L'expression du TGF-ß est augmentée dans l'asthme [Bousquet, 1995 #24442] (and Vignola et al, observation non publiée), mais ces résultats sont controversés [Aubert, 1994 #20796]. Le TGF-ß est beaucoup plus exprimé dans la bronchite chronique. L'augmentation d'expression du TGF-ß est significativement corrélée avec deux autres marqueurs du remodelage, l'épaisseur de la membrane basale et le nombre de fibroblastes dans l'asthme et la bronchite chronique. De plus l'expression du PDGF n'est pas augmentée dans les bronches des asthmatiques [Chanez, 1995 #24450 ; Aubert, 1994 #17916 ; Ohno, 1995 #27071]. L'ARN messager du PDGF et du TGF-ß est trouvé dans les éosinophiles des patients asthmatiques. Ces résultats trouvés chez les asthmatiques peuvent en partie expliquer pourquoi le remodelage des voies aériennes dans l'asthme est un processus très lent alors que les maladies fibrosantes du poumon, ou le PDGF apparaît être impliqué très souvent, évolue très rapidement vers une fibrose sévère.

 

Changements structuraux du parenchyme des sujets asthmatiques.

 

L'épaisseur de la paroi bronchique trouvée chez l'asthmatique par des études aux rayons X est considérée comme une anomalie réversible. Dans cette étude, les tomodensitométries révèlent des lésions mais il n'y a aucune réversibilité suggérant que les images des rayons X et des tomodensitométries sur l'épaisseur de la paroi bronchiques représentent des anomalies pathologiques différentes. Les lésions observées par les rayons X correspondent aux bronches dans lesquelles la lumière bronchique est pleine de sécrétions. Par ailleurs, les images du visualisent une anomalie des bronches dans la périphérie du poumon. L'image de la bronche vue dans cette zone reflète aussi bien l'inflammation bronchique et l'augmentation de la paroi bronchique que la fibrose péri-bronchique.
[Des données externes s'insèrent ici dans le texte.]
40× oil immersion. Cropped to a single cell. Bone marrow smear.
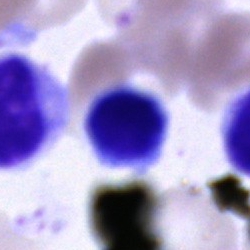

Cell type: cell of indeterminate lineage.

Ces lésions observées au tomodensitométrie ne sont pas réversibles dans 10 patients traités par corticostéroïdes et une fibrose péri-bronchique est observée par Sobonya dans des spécimens pathologiques de poumons d'asthmatiques [Sobonya, 1984 #4625], ce qui suggère que la seconde hypothèse soit la plus relevante.

 

D'autres anomalies permanentes dans l'asthme sont vues en tomodensitométrie comme un grand nombre de bronchectasies et plus rarement de l'emphysème. Ces lésions sont observées chez des patients non fumeurs et qui n'ont jamais souffert de maladies pulmonaires pouvant expliquer la présence de ces anomalies. Dans cette étude, l'emphysème révélé par la tomodensitométrie n'est pas dû à une maladie destructive du parenchyme mais plutôt à une fibrose péri-bronchique extensive et est donc un emphysème cicatriciel. L'examen pathologique des poumons d'asthmatiques montre parfois un emphysème destructif [Messner, 1960 #27345 ; Sobonya, 1984 #4625] mais pas dans toutes les études.